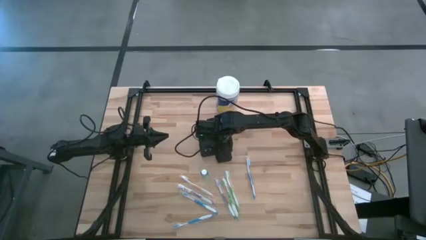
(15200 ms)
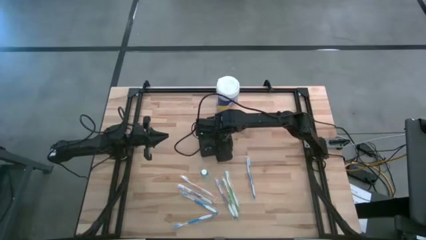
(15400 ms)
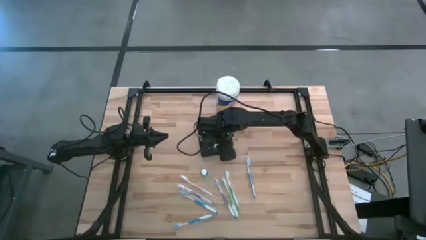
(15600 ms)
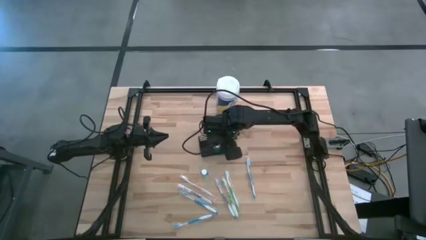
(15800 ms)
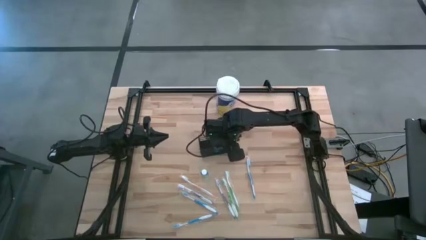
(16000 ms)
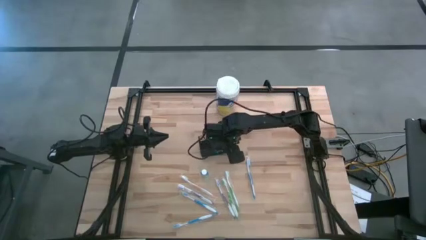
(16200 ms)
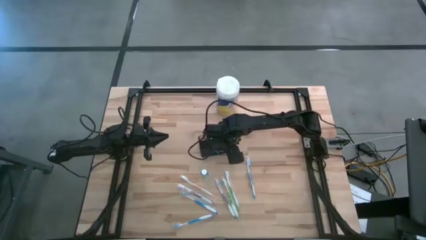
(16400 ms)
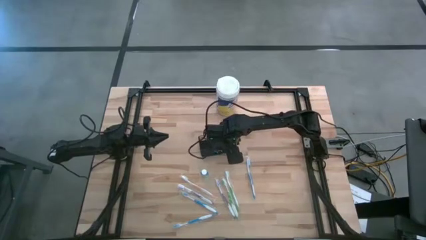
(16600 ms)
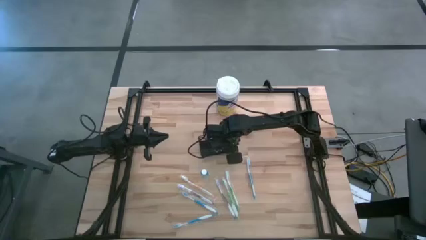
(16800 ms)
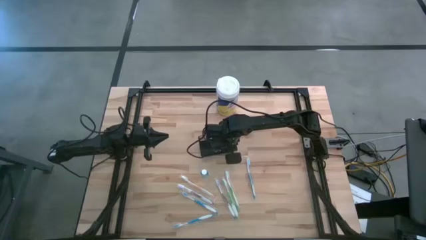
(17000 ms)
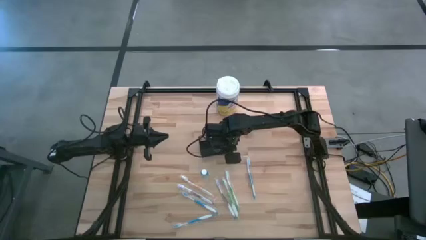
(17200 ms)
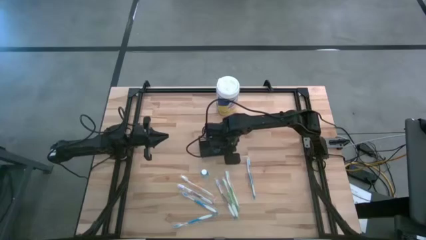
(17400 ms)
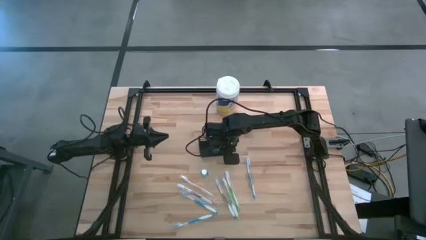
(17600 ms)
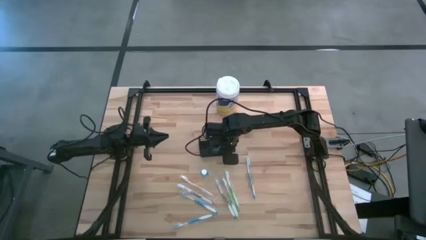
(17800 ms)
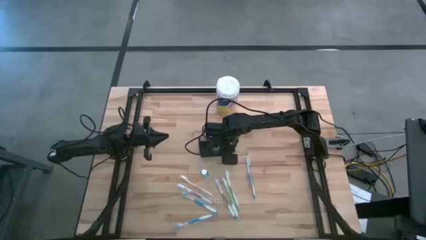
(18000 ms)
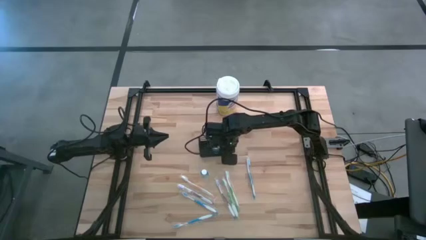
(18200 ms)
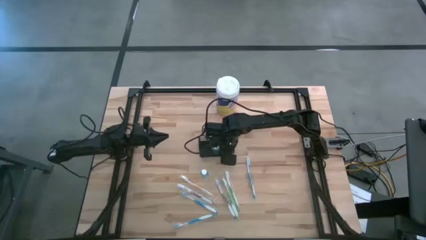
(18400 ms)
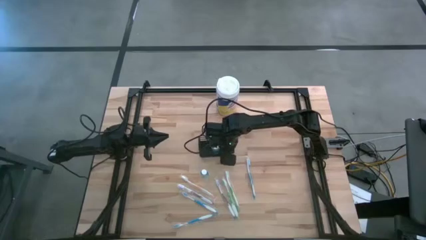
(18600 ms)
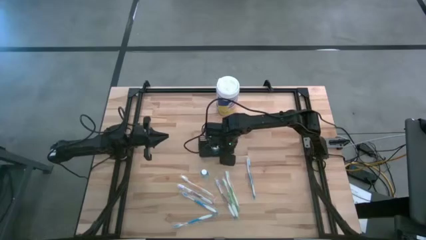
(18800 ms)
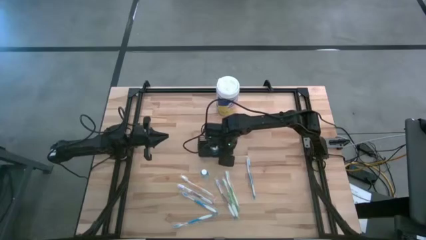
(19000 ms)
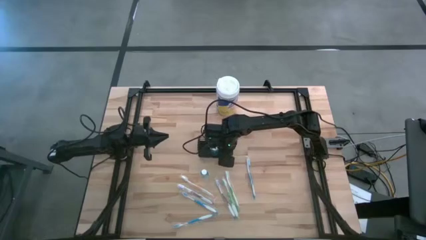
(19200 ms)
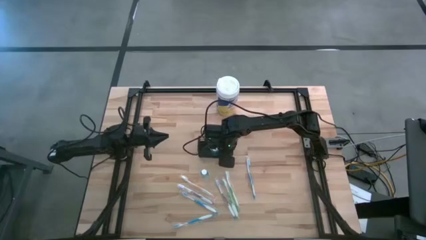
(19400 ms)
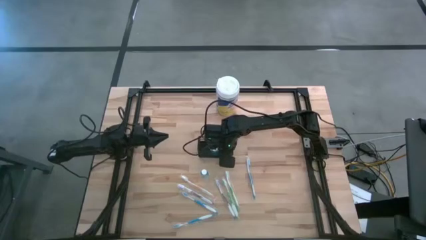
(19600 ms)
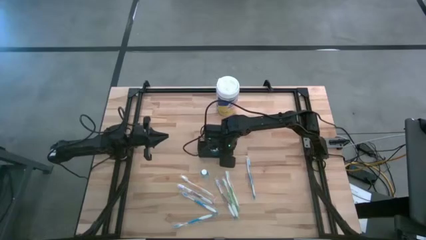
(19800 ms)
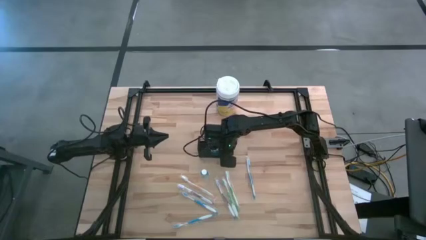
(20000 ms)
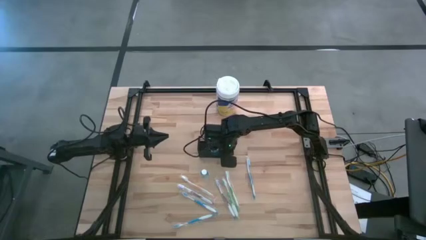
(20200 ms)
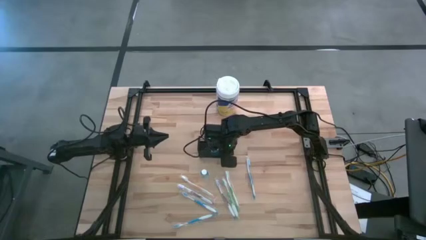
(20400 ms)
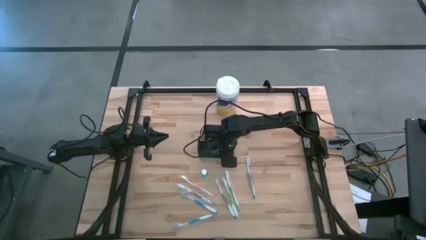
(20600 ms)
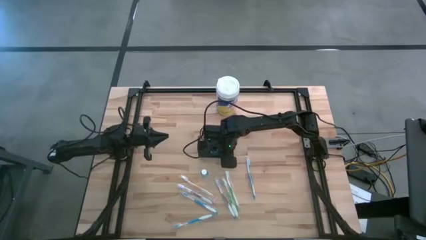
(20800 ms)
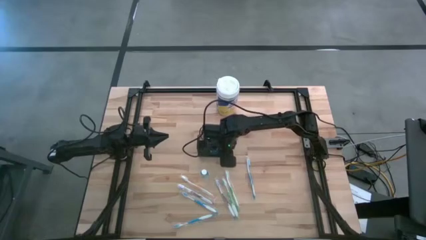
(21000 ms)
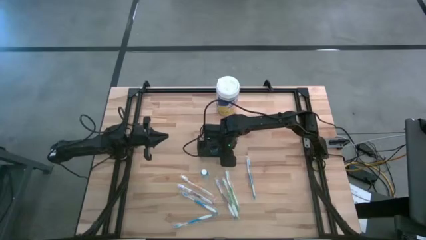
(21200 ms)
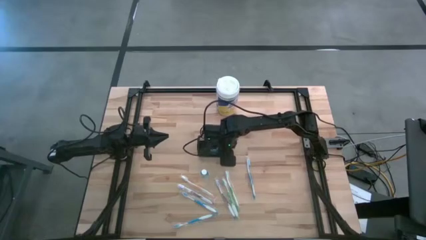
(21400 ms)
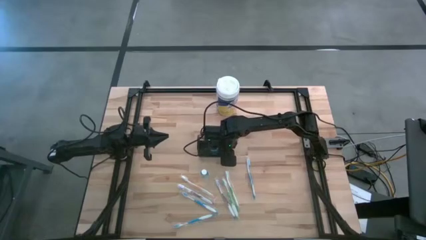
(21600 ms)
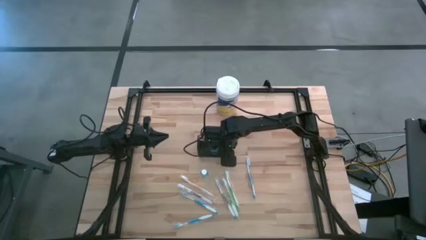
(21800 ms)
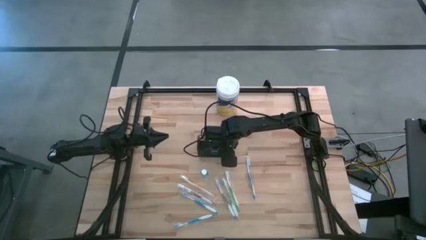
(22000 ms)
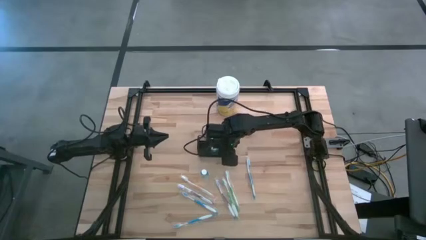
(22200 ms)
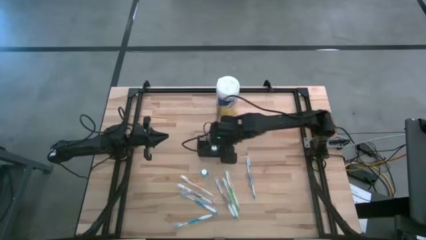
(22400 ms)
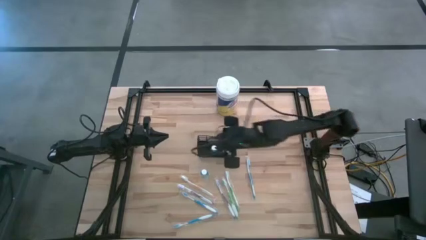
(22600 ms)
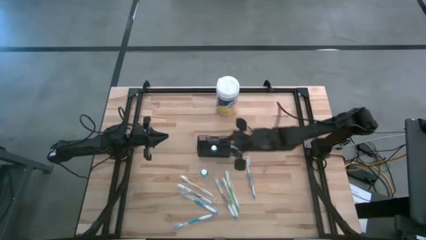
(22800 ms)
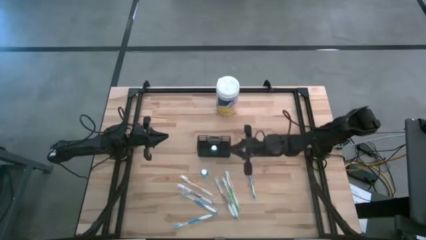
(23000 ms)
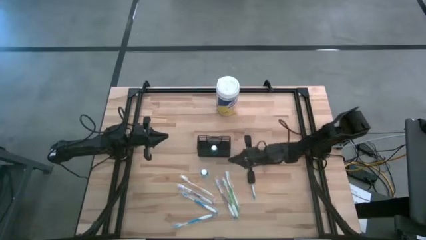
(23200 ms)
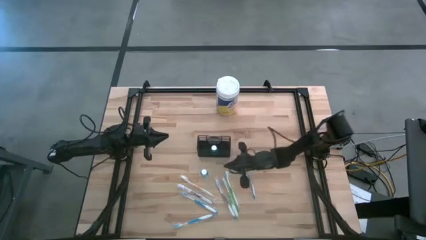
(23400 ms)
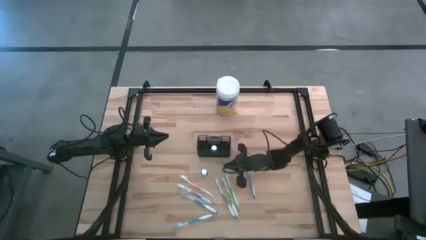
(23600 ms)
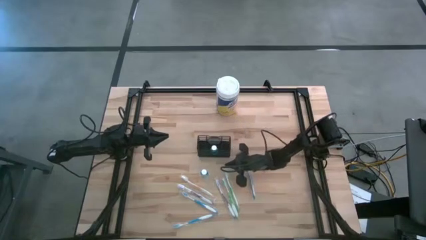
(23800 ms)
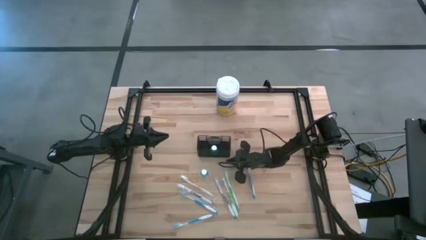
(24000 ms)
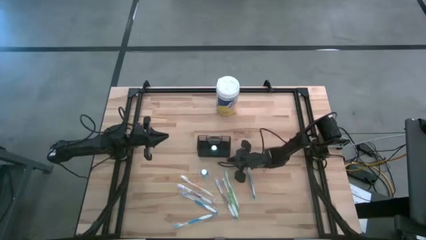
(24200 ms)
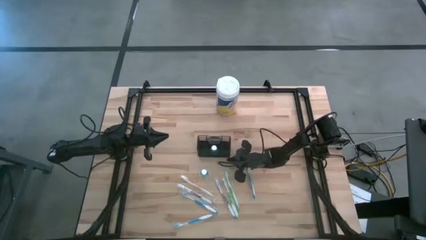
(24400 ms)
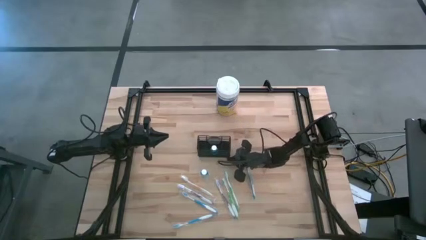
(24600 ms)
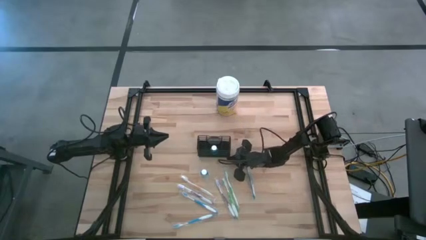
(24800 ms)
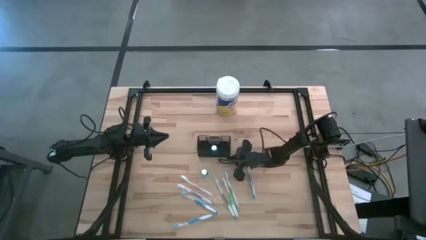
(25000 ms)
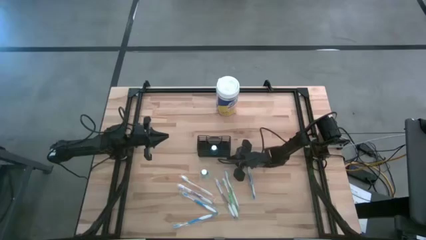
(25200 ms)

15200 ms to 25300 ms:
Task: Pick & Place toothbrushing station
Adjust the black wire organizer

★ ★ ★ ★ ★ ★ ★

TASK: Return the data above in its exact wording, with none of the pictures.

RESPONSE:
(15200 ms)
(15400 ms)
(15600 ms)
(15800 ms)
(16000 ms)
(16200 ms)
(16400 ms)
(16600 ms)
(16800 ms)
(17000 ms)
(17200 ms)
(17400 ms)
(17600 ms)
(17800 ms)
(18000 ms)
(18200 ms)
(18400 ms)
(18600 ms)
(18800 ms)
(19000 ms)
(19200 ms)
(19400 ms)
(19600 ms)
(19800 ms)
(20000 ms)
(20200 ms)
(20400 ms)
(20600 ms)
(20800 ms)
(21000 ms)
(21200 ms)
(21400 ms)
(21600 ms)
(21800 ms)
(22000 ms)
(22200 ms)
(22400 ms)
(22600 ms)
(22800 ms)
(23000 ms)
(23200 ms)
(23400 ms)
(23600 ms)
(23800 ms)
(24000 ms)
(24200 ms)
(24400 ms)
(24600 ms)
(24800 ms)
(25000 ms)
(25200 ms)

15200 ms to 25300 ms:
Task: Pick & Place toothbrushing station
Adjust the black wire organizer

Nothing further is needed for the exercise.